- _Records contained in a dataset_:
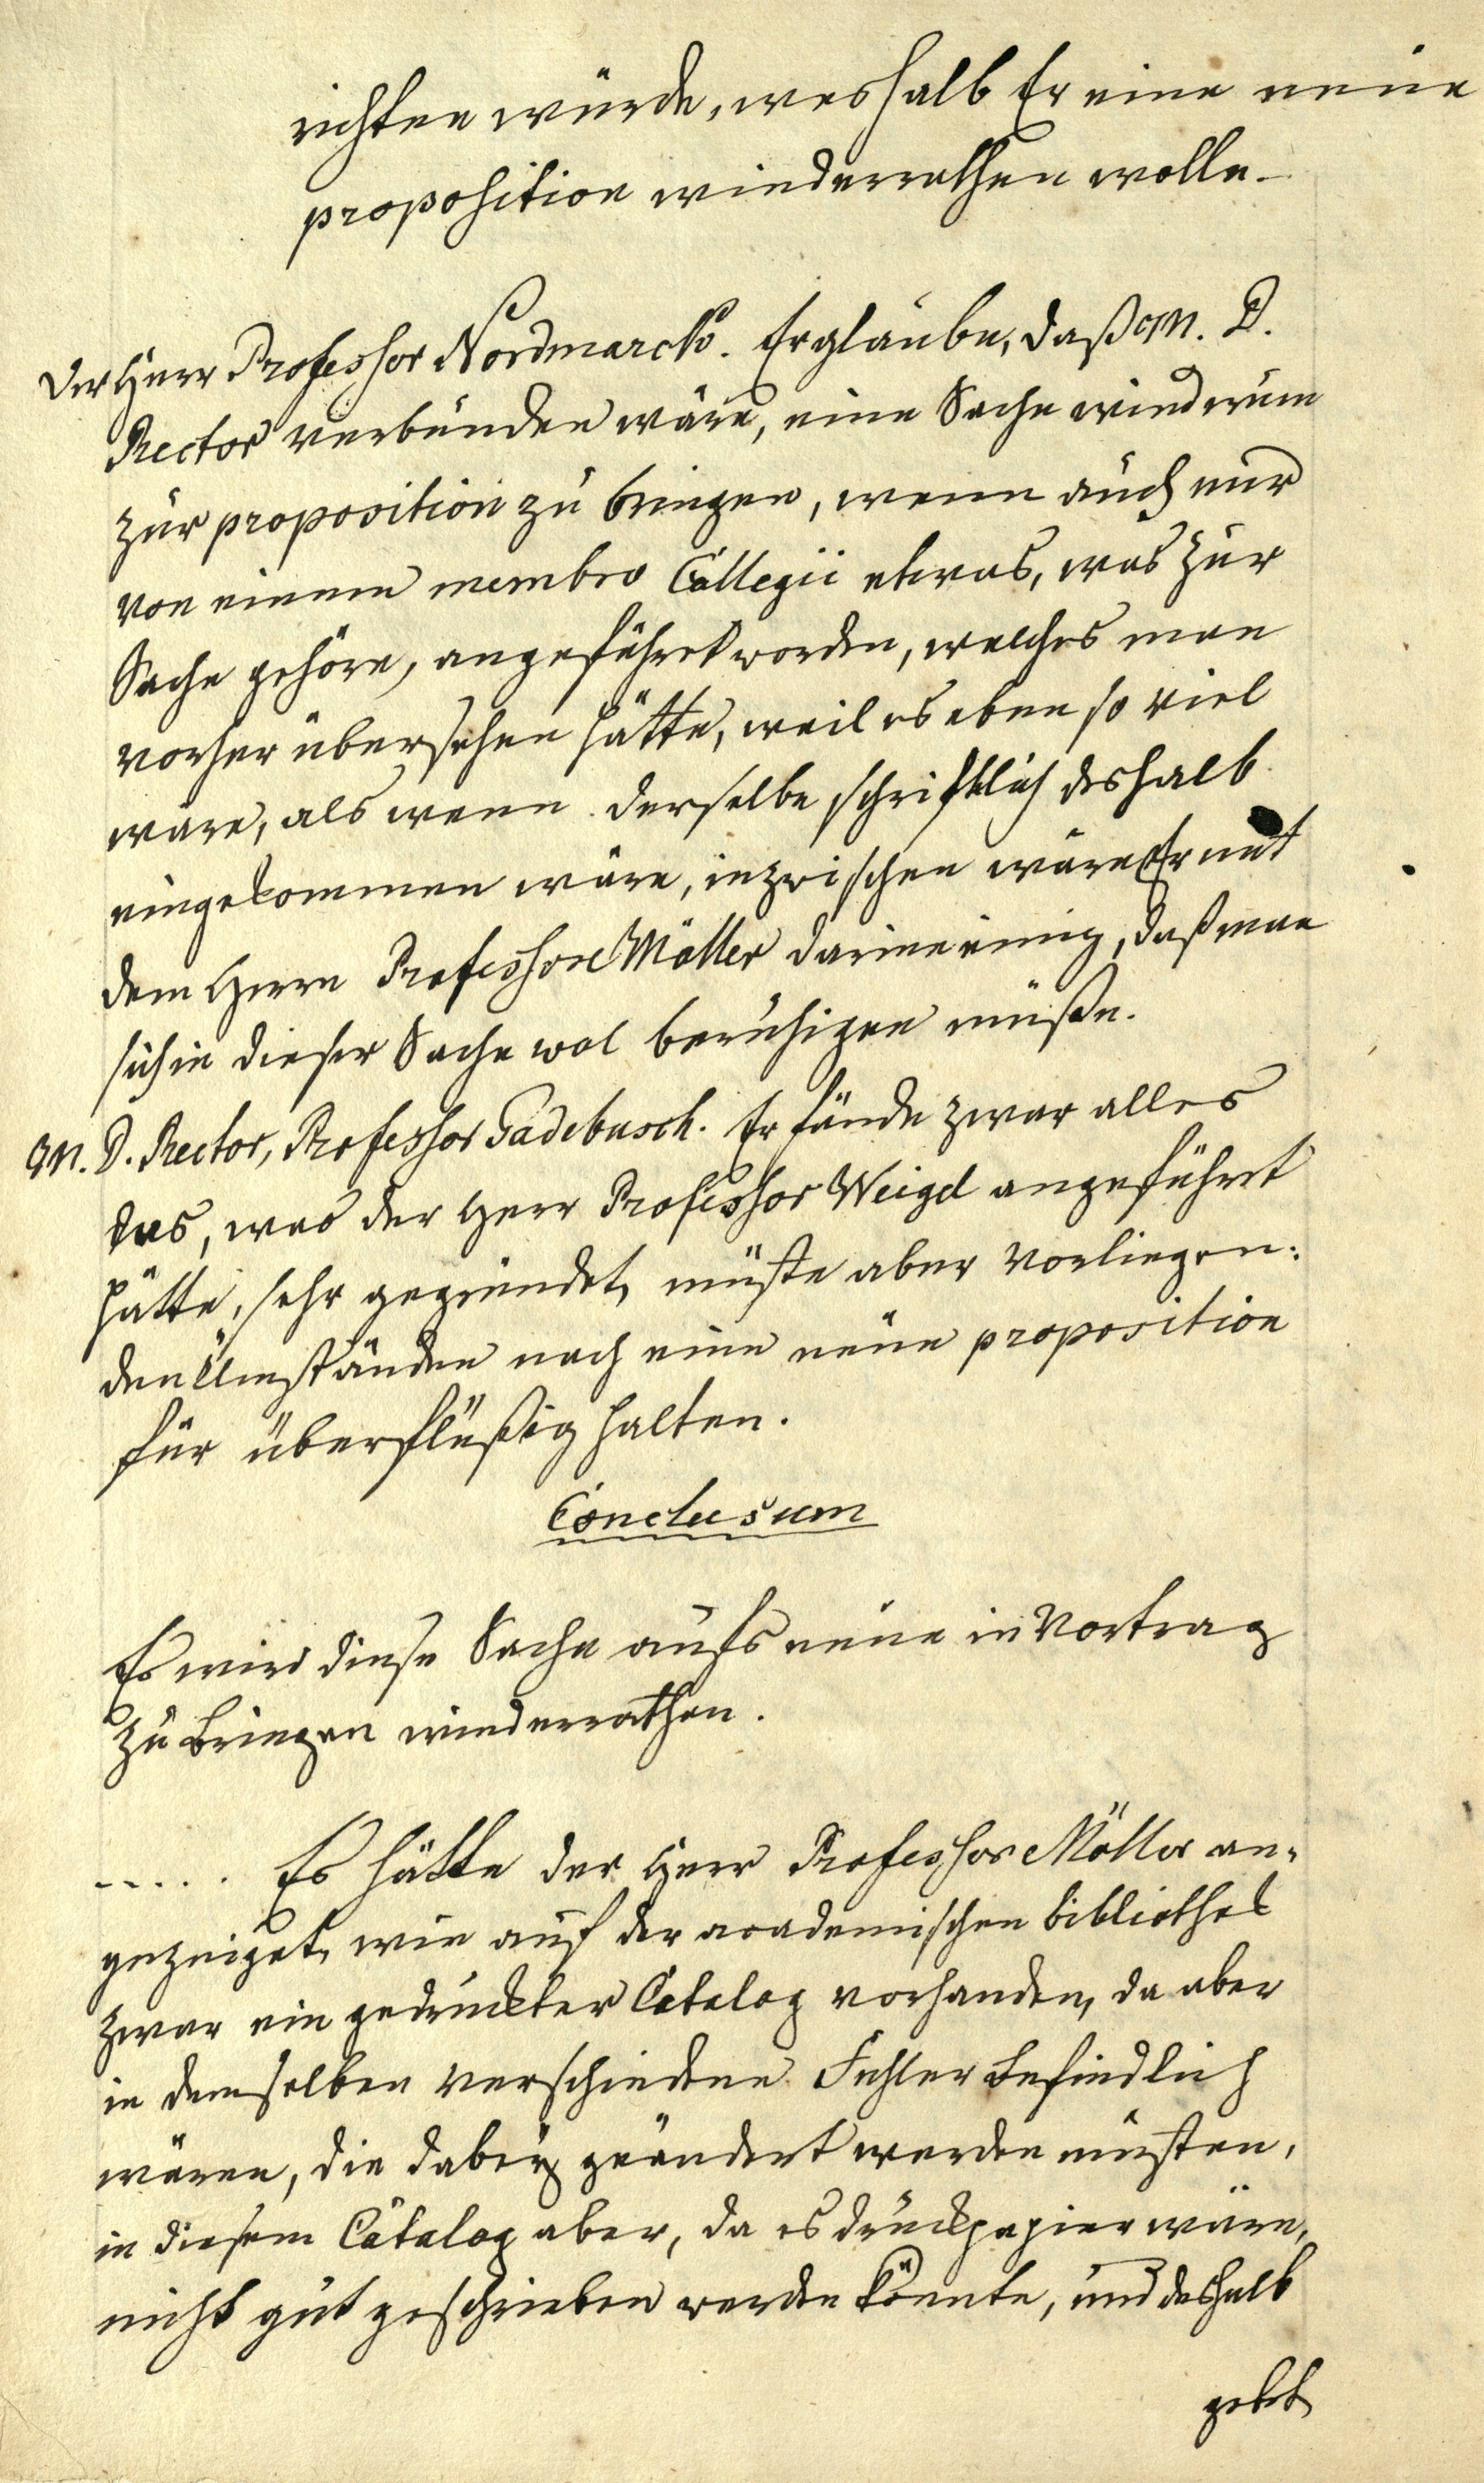richten würde, weshalb Er eine neune
proposition wiederrathen wolle.
Der Herr Professor Nordmarck. Er glaube, daß M. D.
Rector verbunden wäre, eine Sache wiederum
zur proposition zu bringen, wenn auch nur
von einem membro Collegii etwas, was zur
Sache gehöre, angeführet worden, welches man
vorher übersehen hätte, weil es eben so viel
wäre, als wenn derselbe schriftlich deshalb
eingekommen wäre, inzwischen wäre Er mit
dem Herrn Professore Möller darin einig, daß man
sich in dieser Sache wol beruhigen müße.
M. D. Rector, Professor Gadebusch. Er fände zwar alles
das, was der Herr Professor Weigel angeführet
hätte, sehr gegründet, müßte aber vorliegen¬
den Umständen nach eine neue proposition
für überflüßig halten.
Conclusum
Es wird diese Sache aufs neue in Vortrag
zu bringen wiederrathen.
Es hätte der Herr Professor Möller an¬
gezeiget, wie auf der academischen Bibliothek
zwar ein gedruckter Catalog vorhanden, da aber
in demselben verschiedene Fehler befindlich
wären, die dabeÿ geändert werden müsten,
in diesem Catalog aber, da es druckpapier wäre,
nicht gut geschrieben werden könnte, und deshalb
gehet
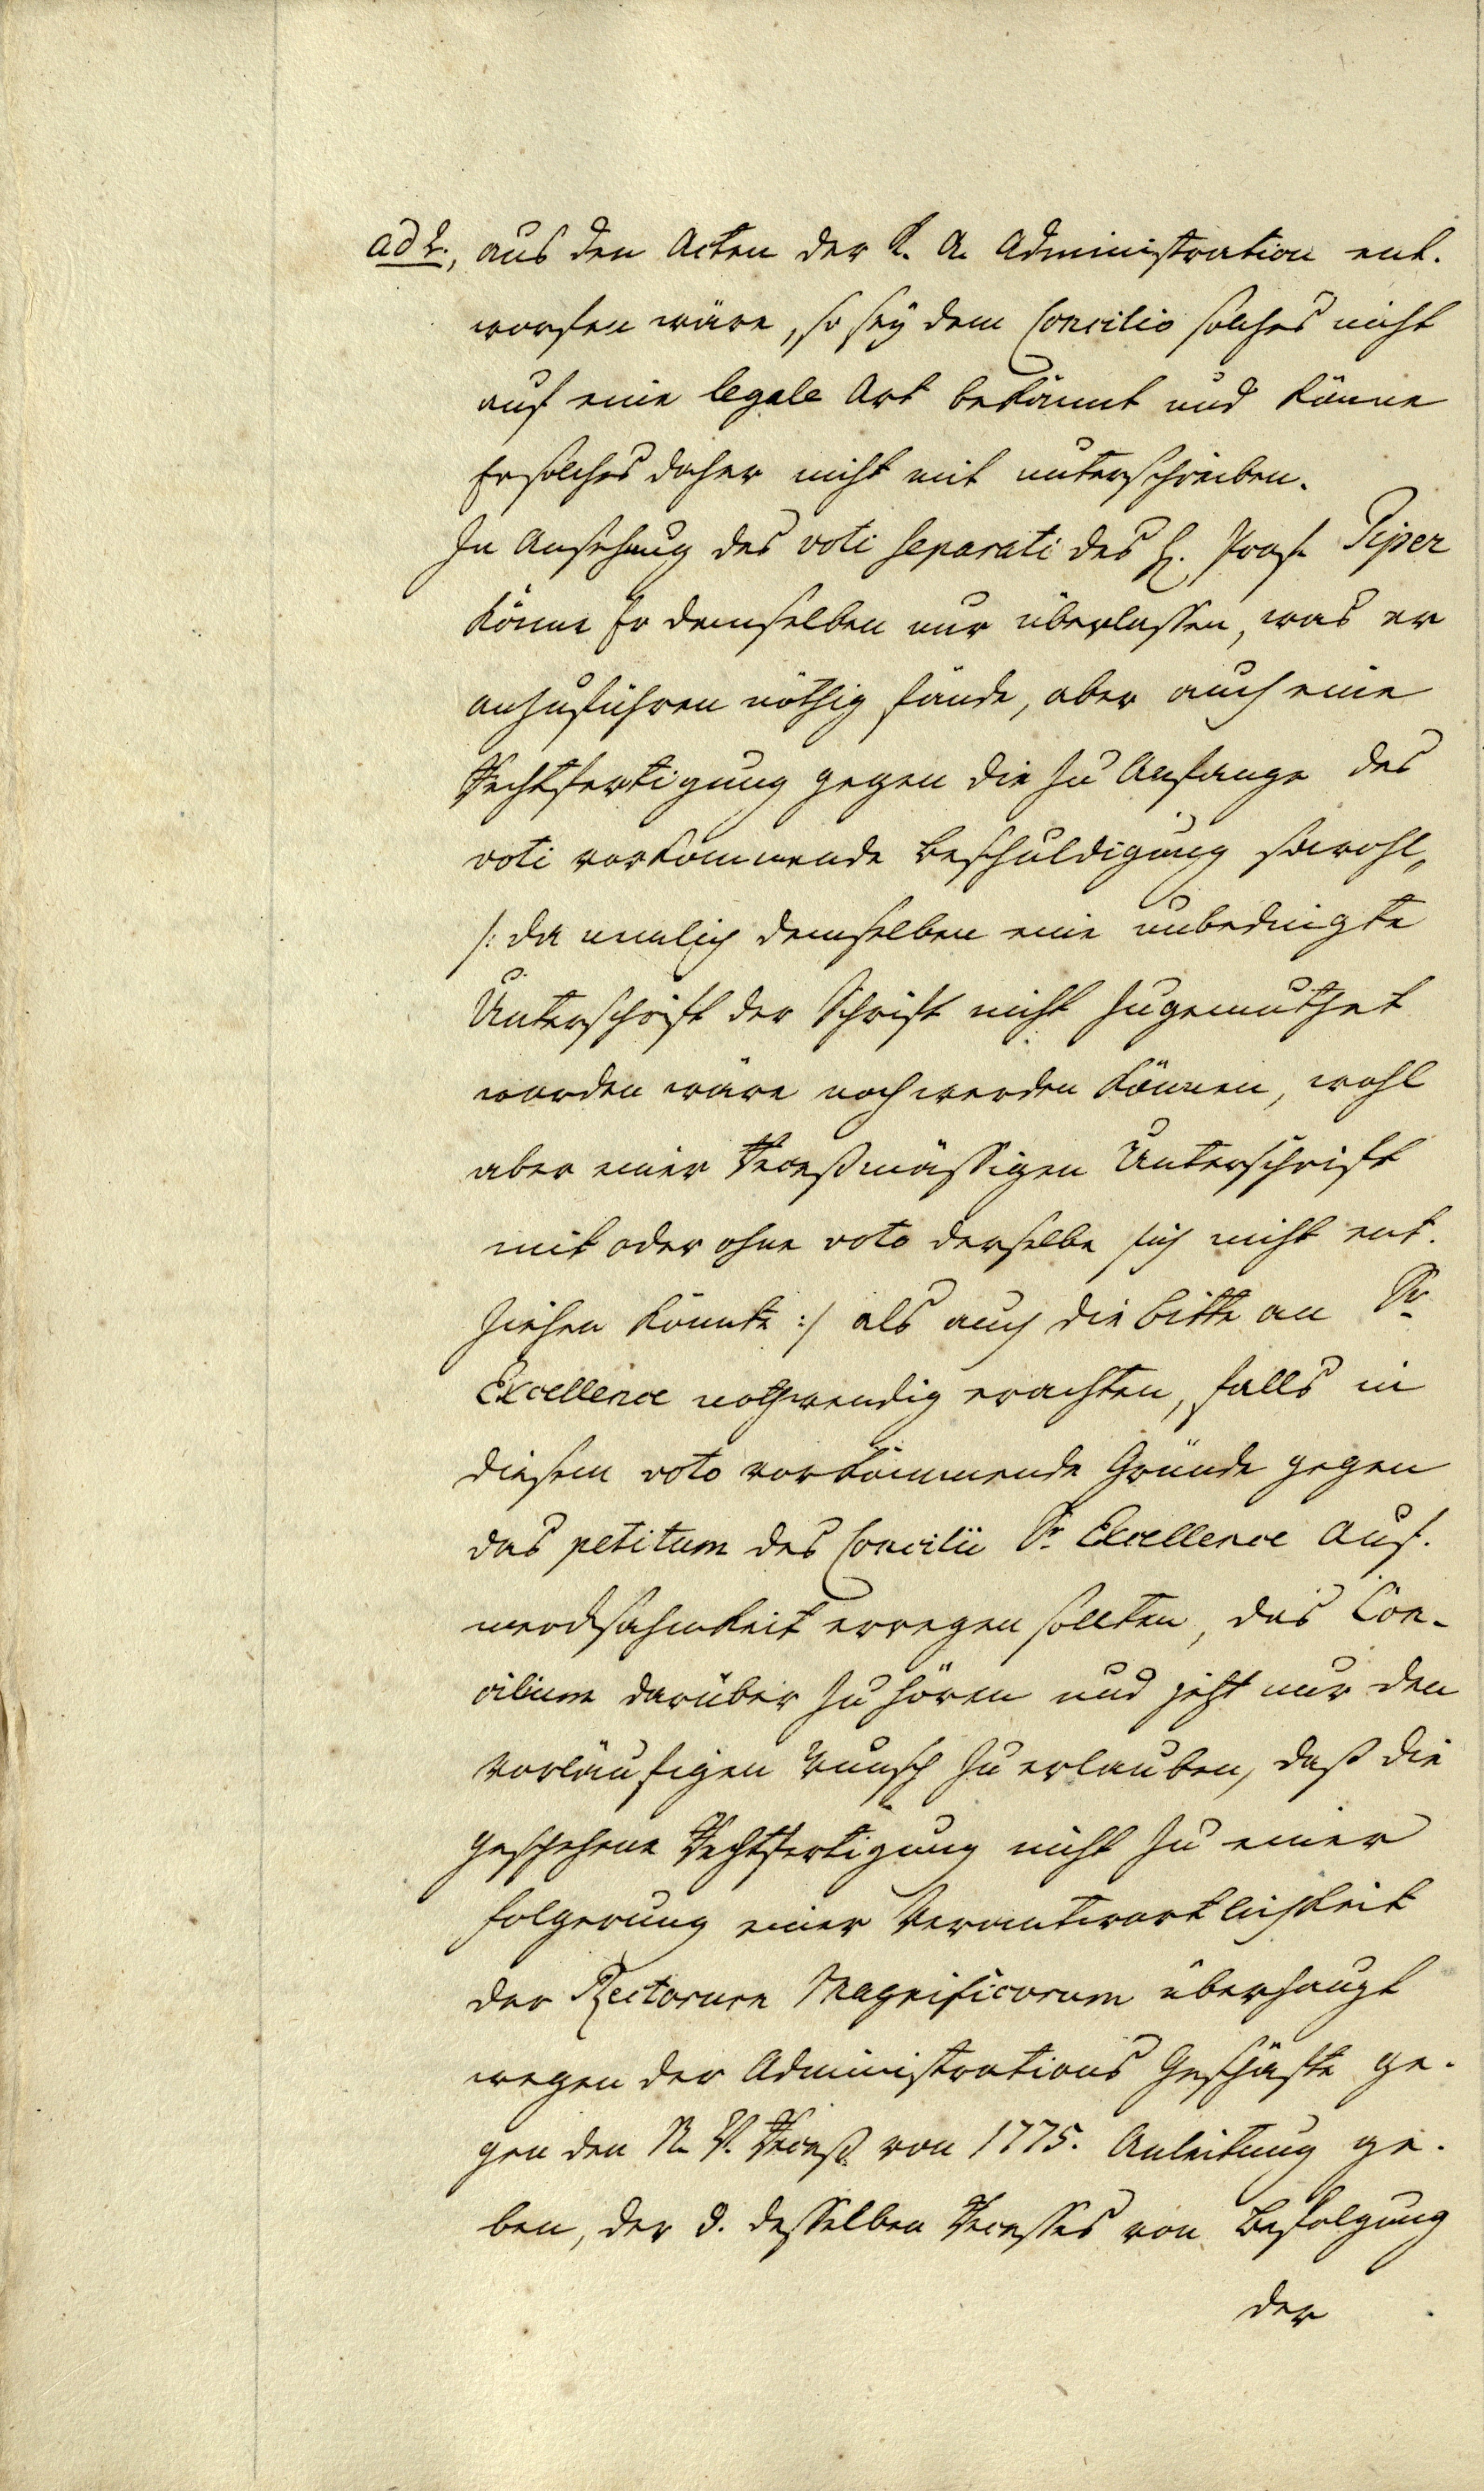ad 2., aus den Acten der K. A. Administration ent¬
worfen wäre, so seÿ dem Concilio solches nicht
auf eine legale Art bekannt und könne
Er solches daher nicht mit unterschreiben.
In Ansehung des voto separati des H. Prof. Piper
könne Er demselben nur überlassen, was er
anzuführen nöthig fände, aber auch eine
Rechtfertigung gegen die zu Anfange des
voti vorkommende Beschuldigung sowohl,
/: da nemlich demselben eine unbedingte
Unterschrift der Schrift nicht zugemuthet
worden wäre noch werden können, wohl
aber einer Receßmässigen Unterschrift
mit oder ohne voto derselbe sich nicht ent¬
ziehen könnte :/ als auch die Bitte an Sr.
Excellence nothwendig erachten, falls in
diesem voto vorkommende Gründe gegen
das petitum des Concilii Sr. Excellence Auf¬
mercksahmkeit erregen sollten, das Con¬
cilium darüber zu hören und jetzt nur den
vorläufigen Wunsch zu erlauben, daß die
geschehene Rechtfertigung nicht zu einer
Folgerung einer Verantwortlichkeit
der Rectorum Magnificorum überhaupt
wegen der Administrations Geschäfte ge¬
gen den N. V. Receß von 1775. Anleitung ge¬
ben, der §. desselben Recesses von Befolgung
der

- _TASK TO CARRY OUT_: Beginning with the line above that contains "wäre, als wenn derselbe schriftlich deshalb" and ending with the line that contains "aber einer Receßmässigen Unterschrift", quote each line exactly, keeping out the pictures.

- _EXERCISE SOLUTION_:
wäre, als wenn derselbe schriftlich deshalb
eingekommen wäre, inzwischen wäre Er mit
dem Herrn Professore Möller darin einig, daß man
sich in dieser Sache wol beruhigen müße.
M. D. Rector, Professor Gadebusch. Er fände zwar alles
das, was der Herr Professor Weigel angeführet
hätte, sehr gegründet, müßte aber vorliegen¬
den Umständen nach eine neue proposition
für überflüßig halten.
Conclusum
Es wird diese Sache aufs neue in Vortrag
zu bringen wiederrathen.
Es hätte der Herr Professor Möller an¬
gezeiget, wie auf der academischen Bibliothek
zwar ein gedruckter Catalog vorhanden, da aber
in demselben verschiedene Fehler befindlich
wären, die dabeÿ geändert werden müsten,
in diesem Catalog aber, da es druckpapier wäre,
nicht gut geschrieben werden könnte, und deshalb
gehet
ad 2., aus den Acten der K. A. Administration ent¬
worfen wäre, so seÿ dem Concilio solches nicht
auf eine legale Art bekannt und könne
Er solches daher nicht mit unterschreiben.
In Ansehung des voto separati des H. Prof. Piper
könne Er demselben nur überlassen, was er
anzuführen nöthig fände, aber auch eine
Rechtfertigung gegen die zu Anfange des
voti vorkommende Beschuldigung sowohl,
/: da nemlich demselben eine unbedingte
Unterschrift der Schrift nicht zugemuthet
worden wäre noch werden können, wohl
aber einer Receßmässigen Unterschrift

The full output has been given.